05.02.2018|14:41 Uhr

Monique: Sie erzählen hier den gleichen Käse wie anderswo. Sie sind eine Nachschschwätzerin, mit Verlaub gesagt.

Hans Georg Lips

05.02.2018|14:38 Uhr

Jeder Trumpkritiker sollte vorerst die State of the Union lesen und in sich gehen.Wo ist einer unserer Laatschi, der mir in seiner Rede sagt, dass a) der Eigenmietwert verschwindet, b) die provisorische Bundessteuer beendet wird, c) alle 100'000 Asylanten ausgeschafft werden, d)sofort gründliche Grenzkontrollen wieder stattfinden, e) 1 Mio Ausländer ausgewiesen wird (damit wir Schweizer wieder ungetrübt atmen, Auto fahren oder Bahn fahren können), f) dass sich die Spitäler leeren von Ausländern, g) die 80% Ausländer in den Gefängnissen ihren Staaten zugeschickt werden?
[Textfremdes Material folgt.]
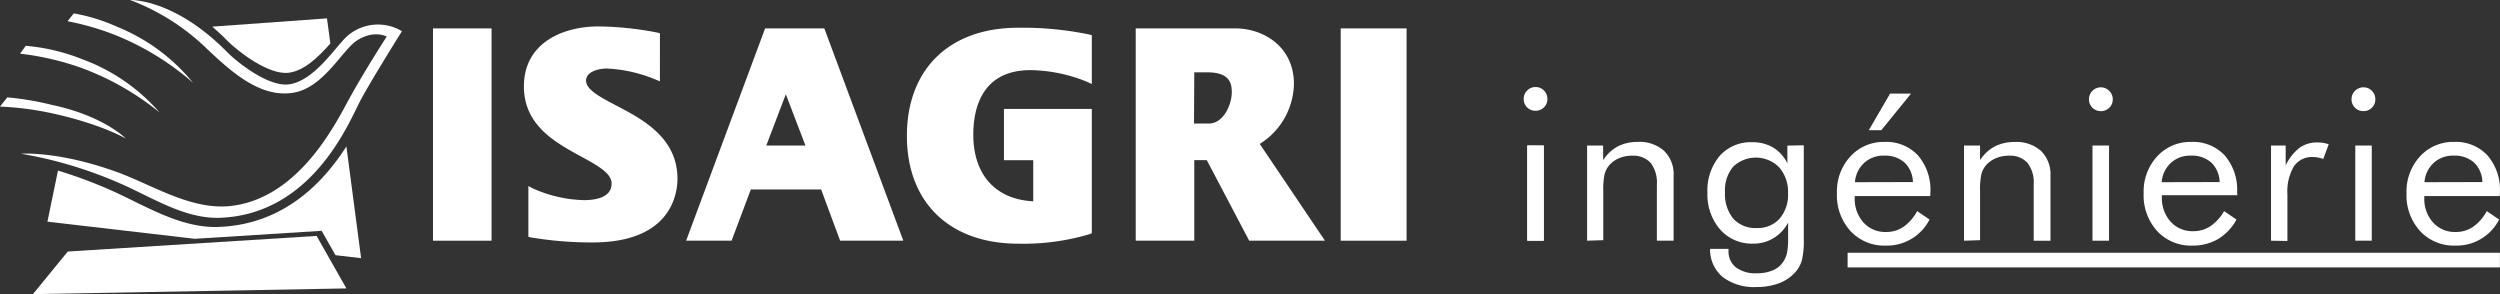 <svg xmlns="http://www.w3.org/2000/svg" viewBox="0 0 341.52 40.18">
  <rect x="0" y="0" width="341.52" height="40.18" fill="#333333" stroke="none"/>
  <defs>
    <style>
      .a {
        fill: #fff;
      }
    </style>
  </defs>
  <title>signature-ii-white</title>
  <g>
    <g>
      <path class="a" d="M321.24,13.55a1.55,1.55,0,0,1,.48-1.14,1.57,1.57,0,0,1,1.16-.48,1.55,1.55,0,0,1,1.14.48,1.6,1.6,0,0,1,.47,1.16,1.54,1.54,0,0,1-.47,1.14,1.56,1.56,0,0,1-1.15.47,1.59,1.59,0,0,1-1.16-.47A1.56,1.56,0,0,1,321.24,13.55Z"/>
      <path class="a" d="M285.37,13.55a1.62,1.62,0,0,1,2.77-1.14,1.6,1.6,0,0,1,.48,1.16,1.54,1.54,0,0,1-.47,1.14,1.56,1.56,0,0,1-1.15.47,1.58,1.58,0,0,1-1.16-.47A1.56,1.56,0,0,1,285.37,13.55Z"/>
      <path class="a" d="M208.15,13.51a1.56,1.56,0,0,1,.47-1.14,1.58,1.58,0,0,1,1.16-.48,1.54,1.54,0,0,1,1.14.48,1.6,1.6,0,0,1,.47,1.16,1.55,1.55,0,0,1-.47,1.13,1.57,1.57,0,0,1-1.15.47,1.59,1.59,0,0,1-1.16-.47A1.56,1.56,0,0,1,208.15,13.51Z"/>
      <path class="a" d="M208.64,32.88v-13h2.25v13Z"/>
      <path class="a" d="M208.64,32.88v-13h2.25v13Z"/>
      <path class="a" d="M216.81,32.88v-13H219v2A5.47,5.47,0,0,1,221,20a5.84,5.84,0,0,1,2.73-.61,5,5,0,0,1,3.6,1.22,4.45,4.45,0,0,1,1.3,3.4v8.87h-2.29V25.21a4.42,4.42,0,0,0-.83-2.94,3.21,3.21,0,0,0-2.56-1,4.43,4.43,0,0,0-1.81.36,3.54,3.54,0,0,0-1.35,1,3.15,3.15,0,0,0-.59,1.17,10.07,10.07,0,0,0-.18,2.28v6.73Z"/>
      <path class="a" d="M243.09,29.89A4,4,0,0,1,240,31.15a4.07,4.07,0,0,1-3.22-1.28,5.32,5.32,0,0,1-1.13-3.64,4.94,4.94,0,0,1,1.12-3.46,4.48,4.48,0,0,1,6.29.1,5.08,5.08,0,0,1,1.2,3.53A5,5,0,0,1,243.09,29.89Zm1.08-10v2.43a5.1,5.1,0,0,0-1.94-2.16,5.44,5.44,0,0,0-2.85-.73,5.67,5.67,0,0,0-4.46,1.87,7.32,7.32,0,0,0-1.67,5.05A7.27,7.27,0,0,0,235,31.37a5.78,5.78,0,0,0,4.52,1.91,5.2,5.2,0,0,0,2.75-.74,5.5,5.5,0,0,0,2-2.13v2.18a10.32,10.32,0,0,1-.13,1.86,3.47,3.47,0,0,1-.43,1.14,3.16,3.16,0,0,1-1.44,1.3,5.42,5.42,0,0,1-2.28.44,4.47,4.47,0,0,1-2.86-.81,2.78,2.78,0,0,1-1-2.3V34h-2.52a4.9,4.9,0,0,0,1.73,3.85,7.12,7.12,0,0,0,4.62,1.36,8.73,8.73,0,0,0,3-.49,5.65,5.65,0,0,0,2.23-1.47,4.28,4.28,0,0,0,.94-1.61,11.22,11.22,0,0,0,.28-3V19.85Z"/>
      <path class="a" d="M253.4,24.89a4,4,0,0,1,1.25-2.63,3.87,3.87,0,0,1,2.7-1,4,4,0,0,1,2.82.94,3.79,3.79,0,0,1,1.15,2.67Zm10.31,1.35a7.19,7.19,0,0,0-1.69-5,5.89,5.89,0,0,0-4.58-1.85,6.12,6.12,0,0,0-4.68,2,7.06,7.06,0,0,0-1.82,5,7.25,7.25,0,0,0,1.84,5.16,6.27,6.27,0,0,0,4.81,2,6.52,6.52,0,0,0,6-3.56l-1.69-1.15a6.19,6.19,0,0,1-1.86,2.14,4.13,4.13,0,0,1-2.36.71,4,4,0,0,1-3.12-1.3,4.84,4.84,0,0,1-1.19-3.41v-.2h10.31ZM257,17.79l4.06-5h-2.86l-2.91,5Z"/>
      <path class="a" d="M268.3,32.88v-13h2.19v2a5.49,5.49,0,0,1,2-1.87,5.86,5.86,0,0,1,2.73-.61,5,5,0,0,1,3.6,1.22,4.45,4.45,0,0,1,1.29,3.4v8.87h-2.29V25.21a4.42,4.42,0,0,0-.83-2.94,3.21,3.21,0,0,0-2.56-1,4.4,4.4,0,0,0-1.81.36,3.56,3.56,0,0,0-1.36,1,3.15,3.15,0,0,0-.59,1.17,10,10,0,0,0-.18,2.28v6.73Z"/>
      <path class="a" d="M285.85,32.88v-13h2.26v13Z"/>
      <path class="a" d="M295.3,24.89a4,4,0,0,1,1.25-2.63,3.86,3.86,0,0,1,2.7-1,4,4,0,0,1,2.82.94,3.79,3.79,0,0,1,1.15,2.67Zm10.31,1.35a7.19,7.19,0,0,0-1.69-5,5.89,5.89,0,0,0-4.58-1.85,6.12,6.12,0,0,0-4.68,2,7.07,7.07,0,0,0-1.82,5,7.27,7.27,0,0,0,1.83,5.16,6.28,6.28,0,0,0,4.81,2,6.82,6.82,0,0,0,3.53-.9,6.89,6.89,0,0,0,2.51-2.66l-1.69-1.15A6.2,6.2,0,0,1,302,30.87a4.13,4.13,0,0,1-2.36.71,4,4,0,0,1-3.12-1.3,4.84,4.84,0,0,1-1.19-3.41v-.2h10.31Z"/>
      <path class="a" d="M310.24,32.88v-13h2v2.71a6.88,6.88,0,0,1,1.91-2.41,4.09,4.09,0,0,1,2.46-.72,4.68,4.68,0,0,1,.77.06,4.6,4.6,0,0,1,.74.19l-.74,2a5.2,5.2,0,0,0-.73-.19,3.42,3.42,0,0,0-.65-.07,3,3,0,0,0-2.64,1.28,6.79,6.79,0,0,0-.88,3.84v6.35Z"/>
      <path class="a" d="M321.75,32.88v-13H324v13Z"/>
      <path class="a" d="M331.2,24.89a4,4,0,0,1,1.25-2.63,3.87,3.87,0,0,1,2.7-1,4,4,0,0,1,2.82.94,3.79,3.79,0,0,1,1.14,2.67Zm10.31,1.35a7.18,7.18,0,0,0-1.69-5,5.87,5.87,0,0,0-4.57-1.85,6.11,6.11,0,0,0-4.68,2,7.06,7.06,0,0,0-1.82,5,7.26,7.26,0,0,0,1.84,5.16,6.27,6.27,0,0,0,4.81,2,6.52,6.52,0,0,0,6-3.56l-1.69-1.15a6.18,6.18,0,0,1-1.86,2.14,4.13,4.13,0,0,1-2.36.71,4,4,0,0,1-3.12-1.3,4.83,4.83,0,0,1-1.19-3.41v-.2h10.31Z"/>
      <rect class="a" x="252.4" y="34.53" width="89.11" height="2"/>
    </g>
    <g>
      <path class="a" d="M9.23,2.9A37.11,37.11,0,0,1,15.5,4.69a37.21,37.21,0,0,1,10.87,6.62A25.83,25.83,0,0,0,16,3.66a24.75,24.75,0,0,0-5.92-1.83Z"/>
      <path class="a" d="M2.74,7.33a38.34,38.34,0,0,1,8,1.81A37.1,37.1,0,0,1,21.8,15.37,25.63,25.63,0,0,0,11.23,8.09,26.76,26.76,0,0,0,3.52,6.26Z"/>
    </g>
    <path class="a" d="M0,14.56a41.82,41.82,0,0,1,6.7.83c7.09,1.5,10.5,3.55,10.5,3.55s-3-3.11-10.11-4.61A40.08,40.08,0,0,0,1,13.3Z"/>
    <g>
      <path class="a" d="M137.15,21.88h4V27.5c-5-.25-8.19-3.47-8.19-9.12,0-3.29,1-8.8,7.82-8.8a21.12,21.12,0,0,1,7.61,1.55l.76.34V4.81l-.41-.11a45,45,0,0,0-9.66-.91c-9.39,0-15.19,5.66-15.19,14.77s5.84,14.73,15.23,14.73A31.64,31.64,0,0,0,148.8,32l.35-.14V14.88h-12Z"/>
      <rect class="a" x="59.15" y="3.88" width="8" height="29"/>
      <path class="a" d="M84.15,14.4C82,13.26,80.06,12.27,80.06,11s1.85-1.64,2.83-1.64A19.76,19.76,0,0,1,89.4,10.8l.75.31V4.54l-.41-.1a44.38,44.38,0,0,0-8-.83c-4.71,0-10.17,2.15-10.17,8.2,0,5.33,4.34,7.68,7.81,9.57,2.23,1.22,4.17,2.27,4.17,3.69,0,2-2.37,2.27-3.79,2.27a18,18,0,0,1-6.85-1.55l-.73-.37v6.93l.38.09a50.55,50.55,0,0,0,8.38.68c10.81,0,11.61-6.7,11.61-8.76C92.51,18.74,87.66,16.23,84.15,14.4Z"/>
      <path class="a" d="M104.52,3.88l-10.79,29h6.21l2.63-7h9.6l2.6,7h8.63l-10.79-29Zm5.51,16h-5.35l2.67-7Z"/>
      <path class="a" d="M176.76,11.46c0-5.07-4.14-7.58-8-7.58H155.15v29h8v-11h1.71l5.79,11H181l-8.91-13.22A9.87,9.87,0,0,0,176.76,11.46ZM163.15,9.88h1.77c3.09,0,3.35,1.52,3.35,2.72,0,1.65-1.1,4.28-3.16,4.28h-2Z"/>
      <rect class="a" x="183.15" y="3.88" width="9" height="29"/>
    </g>
    <path class="a" d="M31,5.51c1.54,1.55,5.69,4.75,8.41,4.43,2.2-.26,4.16-2.25,5.72-4l-.46-3.43L29,3.64C29.65,4.21,30.32,4.81,31,5.51Z"/>
    <path class="a" d="M29.91,31c-5.49.23-10.54-3.24-15.54-5.35a65.14,65.14,0,0,0-6.45-2.35L6.48,30.28,26.6,32.62l17.34-1.09,1.89,3.33,3.5.41L47.32,20C44.13,25,38.71,30.66,29.91,31Z"/>
    <path class="a" d="M28.23,6.63A30.41,30.41,0,0,0,17.77,0s6-.25,13.24,7.1c1.54,1.55,5.69,4.75,8.41,4.43C43,11.1,46,6.11,47.54,4.84a6.37,6.37,0,0,1,7.37-.58s-4.39,7-5.77,9.65c-1.5,2.9-6.51,15.31-19,15.84-5,.21-9.59-2.95-14.14-4.87A57.77,57.77,0,0,0,2.87,21S8,20.59,16.08,23.54c5,1.84,10.28,5.35,15.84,4.55,9-1.29,13.9-11.14,15.76-14.55C50,9.34,52.83,5,52.83,5s-1.76-1-4.14.58c-2,1.35-4.59,6.55-8.77,7.11C35.51,13.31,31.7,9.91,28.23,6.63Z"/>
    <polygon class="a" points="9.26 34.36 43.25 32.23 47.32 39.4 4.5 40.18 9.26 34.36"/>
  </g>
</svg>

NIRGENDS.SIE BETRÜGEN UNS!

Rainer Selk

03.02.2018|11:00 Uhr

Monique. Ich habe den Eindruck, Sie verpassen gerade 'die Party'. Schauen Sie bitte in die USA + was da wirklich abgeht. Wird hier leider kaum berichtet. Nein, Trump ist dabei, den sozialistischen EU Schottershit ad absurdum zu führen. Die Sache dreht sich. Shut-down hatten wir bereits unter Friedensnobellpreisbomber Obama. Trump hat das 'Erbe' seiner Vorgänger angetreten. Prallel schwurbelt die OECD + EU von neuen noch höheren Steuern + noch mehr Regulation. DIE Party hat fertig! Wo sie spielt, werden wir sehen, jedenfalls nicht in EU Mitteleuropa. Die Schweiz hat mehr als Arbeit!

Monique Schweizer

02.02.2018|00:48 Uhr

Trump kam als raffiniert getarnter Bittsteller nach Davos, der es sogar noch geschafft hat - dank der Machtfülle seines Amtes - gestandene CEO's von Weltkonzernen wie kleine Schulbuben ihre Investitionen und Pläne in Amiland aufzählen zu lassen. Nicht zu vergessen Trump kommt gerade aus einem Land mit Minishutdown, 20.5 Bio Schulden, die Petrodollars fliessen auch nicht mehr wie früher, die Chinesen sind ebenfalls verärgert!.Die Märkte vertrauen dem US$ & US Treasuries immer weniger, was tiefe FX Notierungen & steigende Yields zeigen.Die Party spielt woanders...nicht in Trumpland!